Os vídeos do americano Greg Hunt são o maior exemplo: conjugam arte visual, edição afiada, beleza fotográfica, plasticidade na captação das manobras, trilha sonora de primeira e elaborados planos sequência. Quer uma amostra? Assista ao comecinho do seu mais recente vídeo, Propeller. É pra ficar de cara.

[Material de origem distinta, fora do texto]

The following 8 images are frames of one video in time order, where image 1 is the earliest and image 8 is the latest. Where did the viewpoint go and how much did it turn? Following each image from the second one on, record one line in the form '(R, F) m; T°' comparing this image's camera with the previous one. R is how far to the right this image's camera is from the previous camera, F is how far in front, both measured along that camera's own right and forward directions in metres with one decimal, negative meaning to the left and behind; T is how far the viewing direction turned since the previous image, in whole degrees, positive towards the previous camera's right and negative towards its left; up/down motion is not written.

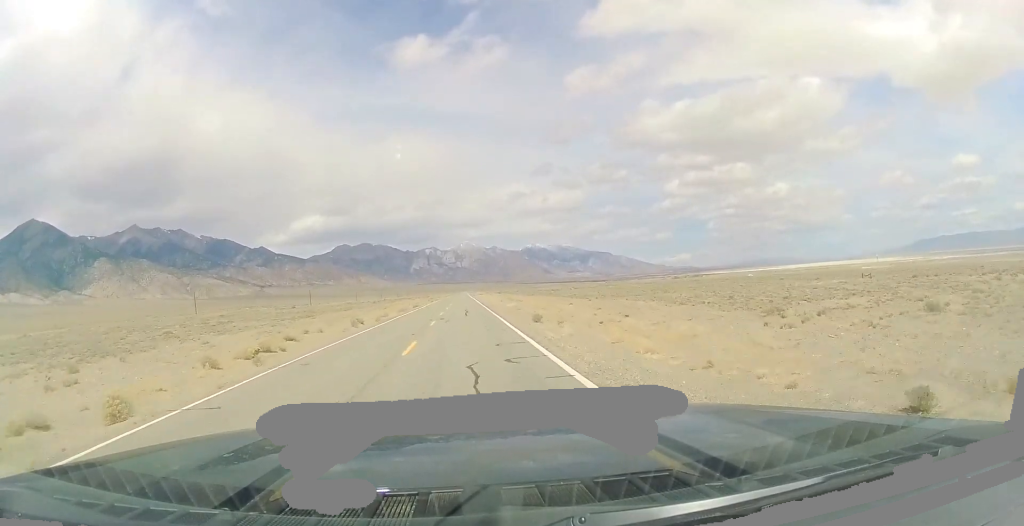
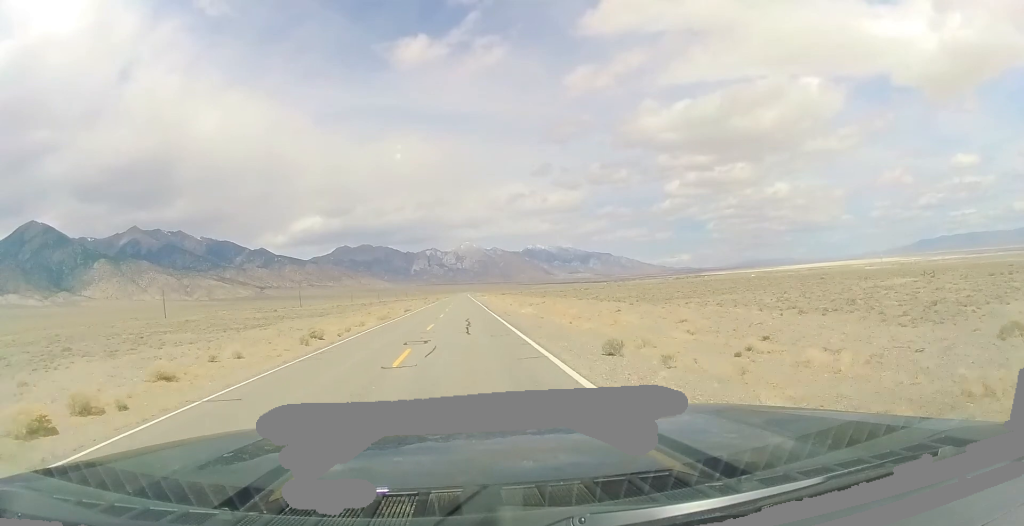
(0.0, +14.2) m; 0°
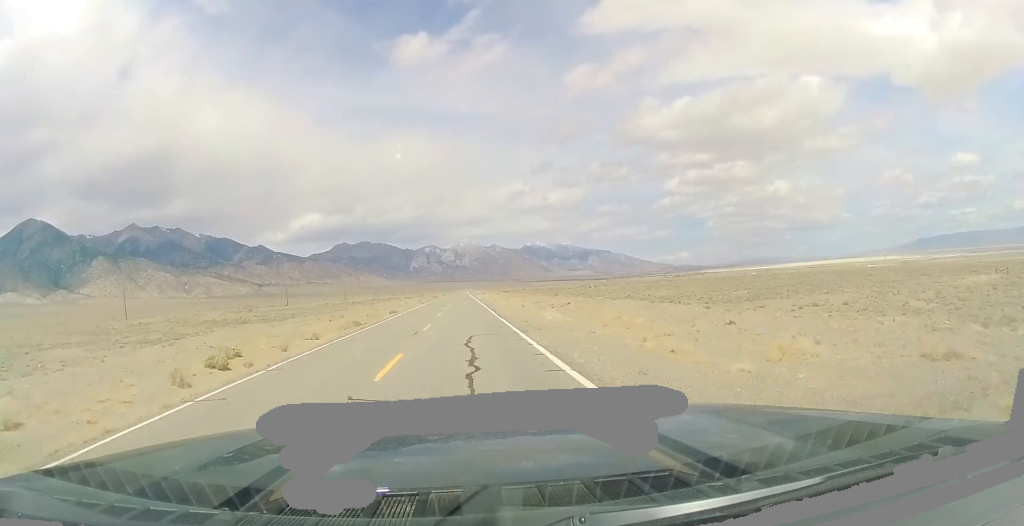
(0.0, +14.1) m; 0°
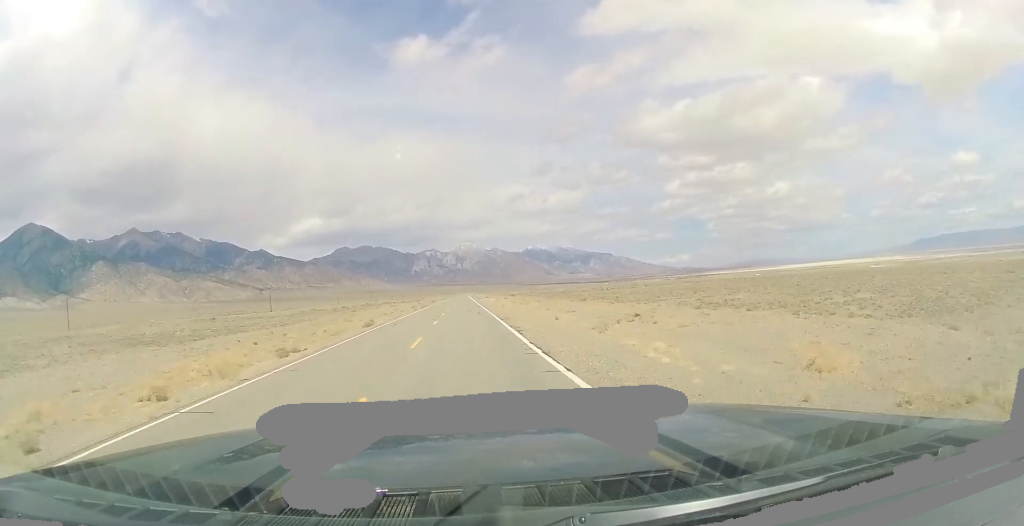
(0.0, +17.4) m; 0°
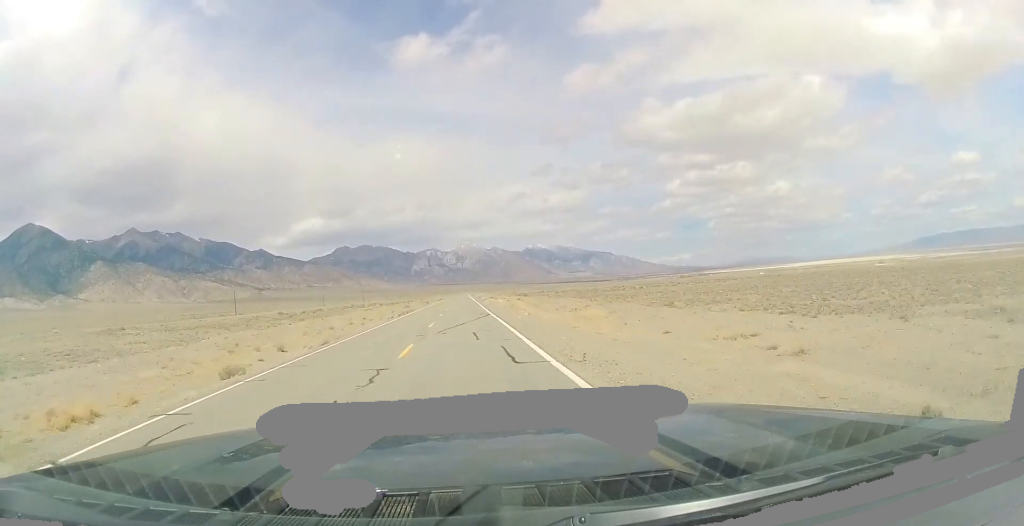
(0.0, +27.3) m; 0°
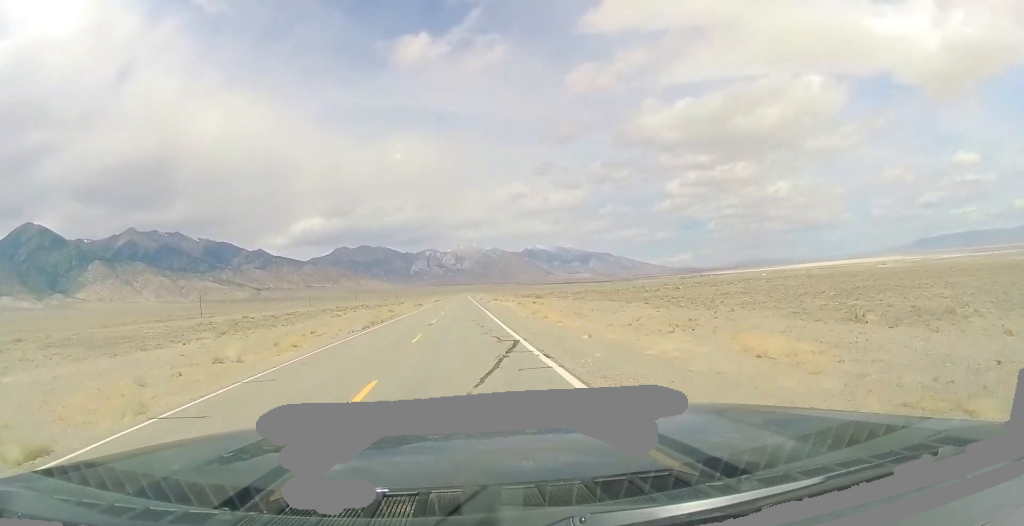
(0.0, +19.7) m; 0°
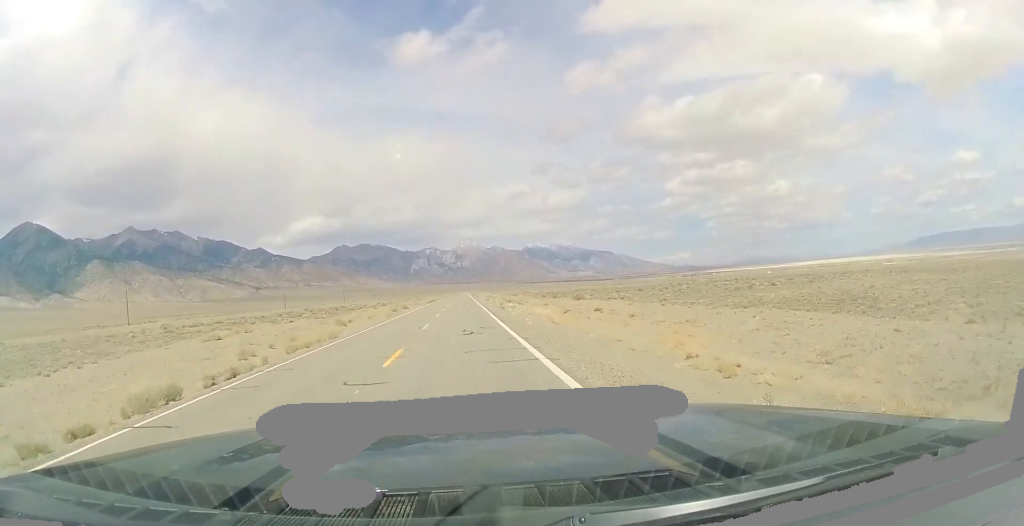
(0.0, +30.8) m; 0°
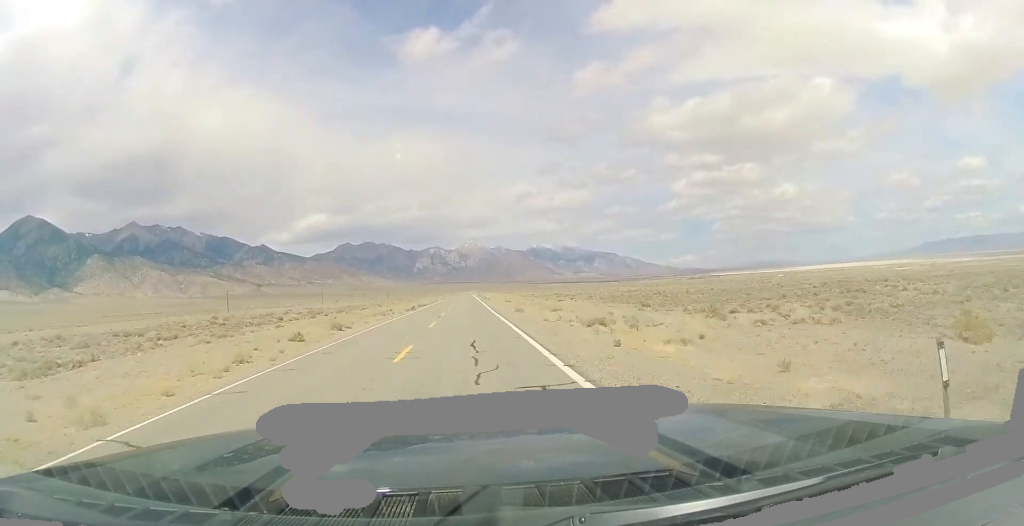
(0.0, +48.3) m; 0°
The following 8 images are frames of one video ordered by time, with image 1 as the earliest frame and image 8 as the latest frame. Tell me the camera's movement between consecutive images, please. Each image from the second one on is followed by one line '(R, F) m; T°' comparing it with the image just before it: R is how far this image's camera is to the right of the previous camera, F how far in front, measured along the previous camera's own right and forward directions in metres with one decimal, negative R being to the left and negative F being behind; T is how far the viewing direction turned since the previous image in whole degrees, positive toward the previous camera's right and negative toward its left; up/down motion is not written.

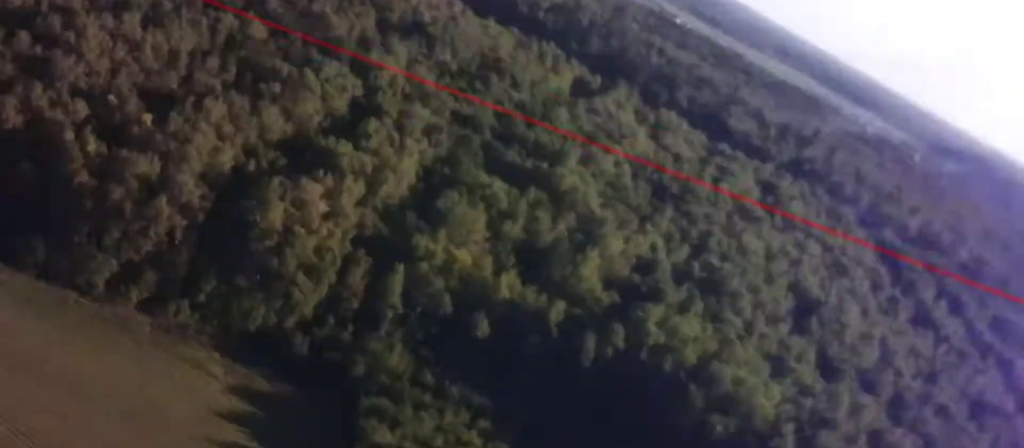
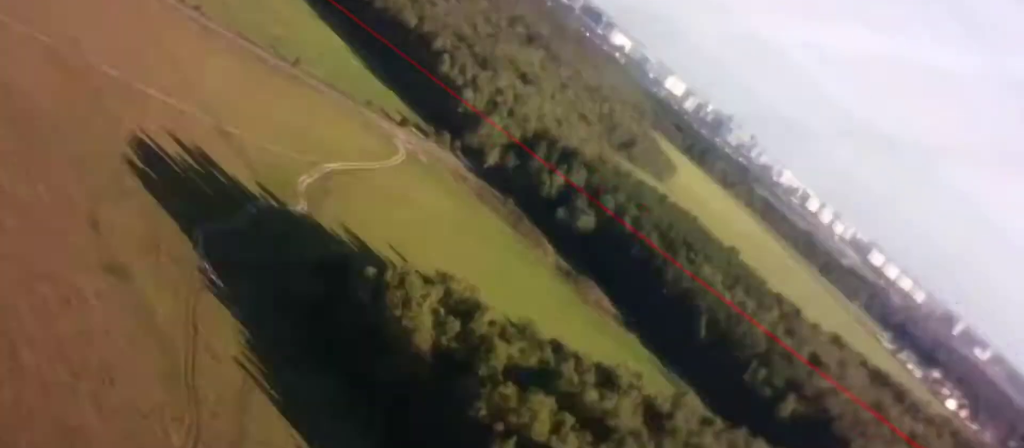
(-3.8, +13.4) m; -31°
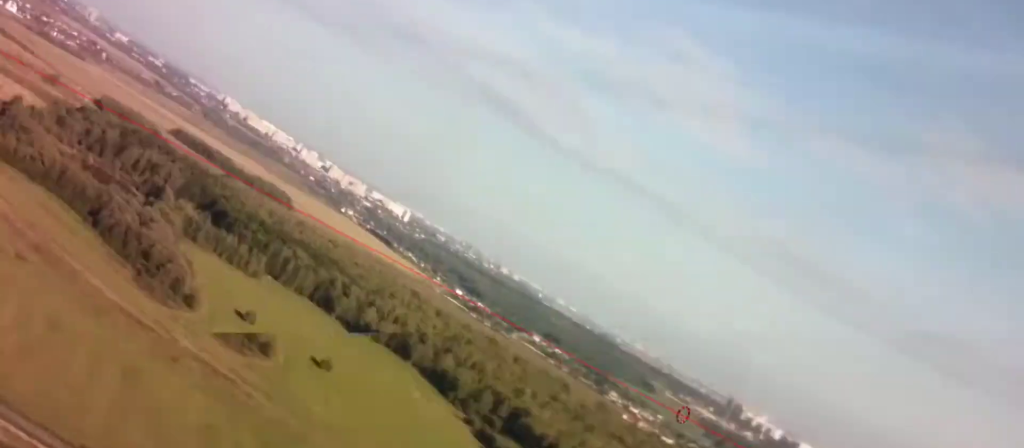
(-4.1, +10.6) m; -35°
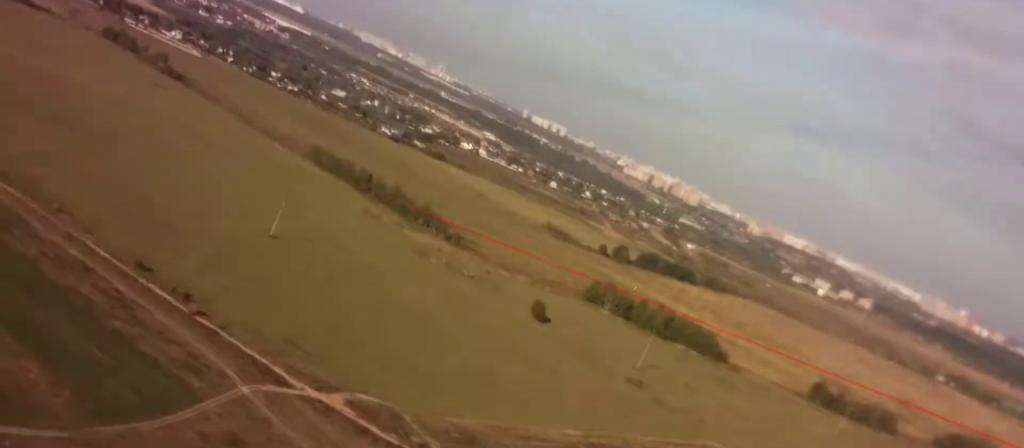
(-4.7, +13.6) m; -38°
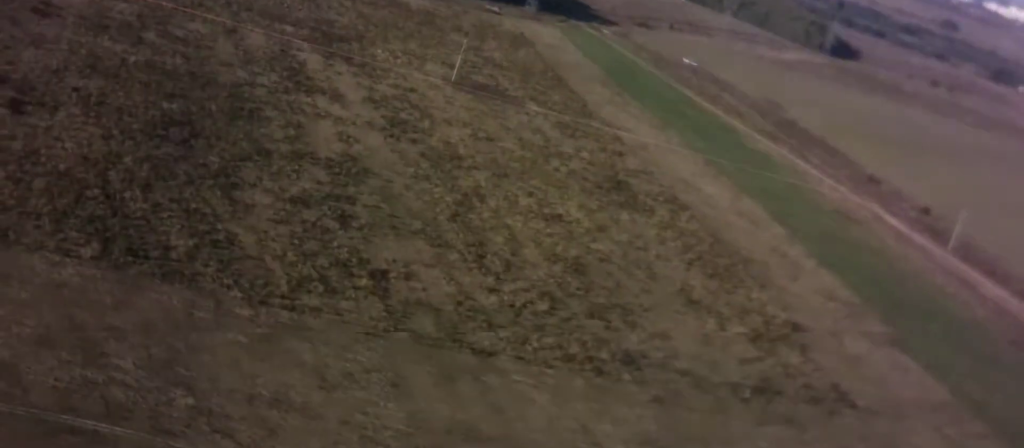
(-7.2, +18.1) m; -38°
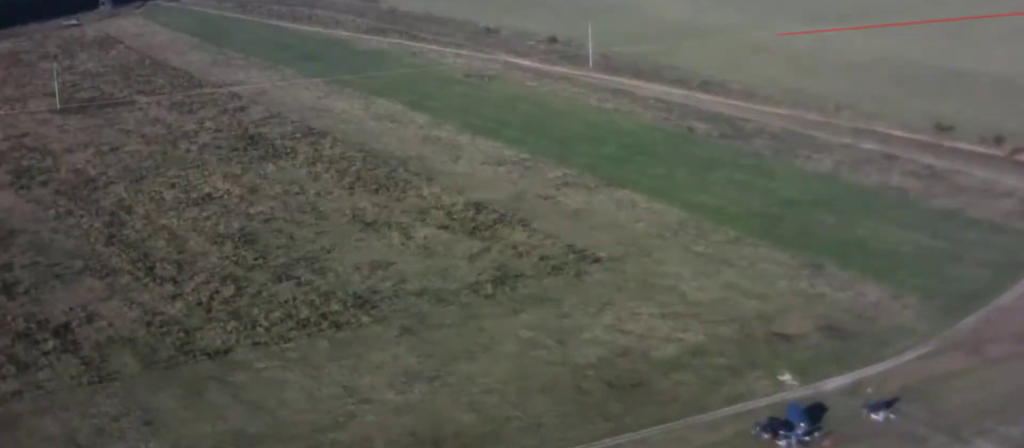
(-2.5, +17.3) m; -4°
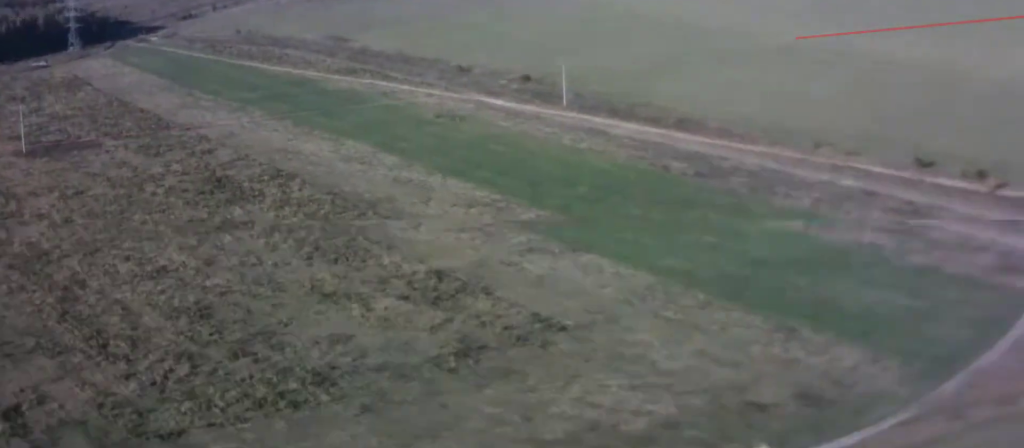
(+0.8, +10.5) m; +3°
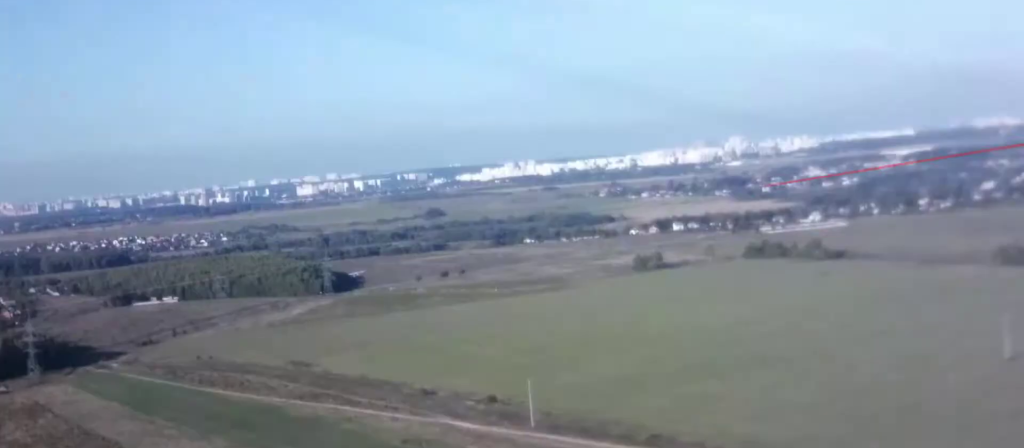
(+0.3, +10.2) m; +2°

Se em Mind Field (2009) o Greg já havia impulsionado o padrão para novos patamares, agora ele chegou ao White Album dos vídeos de skate. Lançado no final de 2015, o longa conta com partes de 15 skatistas representantes de todas as fases e vertentes do skate de rua. Estamos falando de lendas como Steve Caballero e Christian Hosoi, além de Geoff Rowley, Chima Fergusson, Tony Trujillo, Curren Caples, Kyle Walker, Rowan Zorilla, Elijah Berle, Anthony Van Engelen (recém eleito Skatista do Ano pela Thrasher)e do brasileiro Pedro Barros.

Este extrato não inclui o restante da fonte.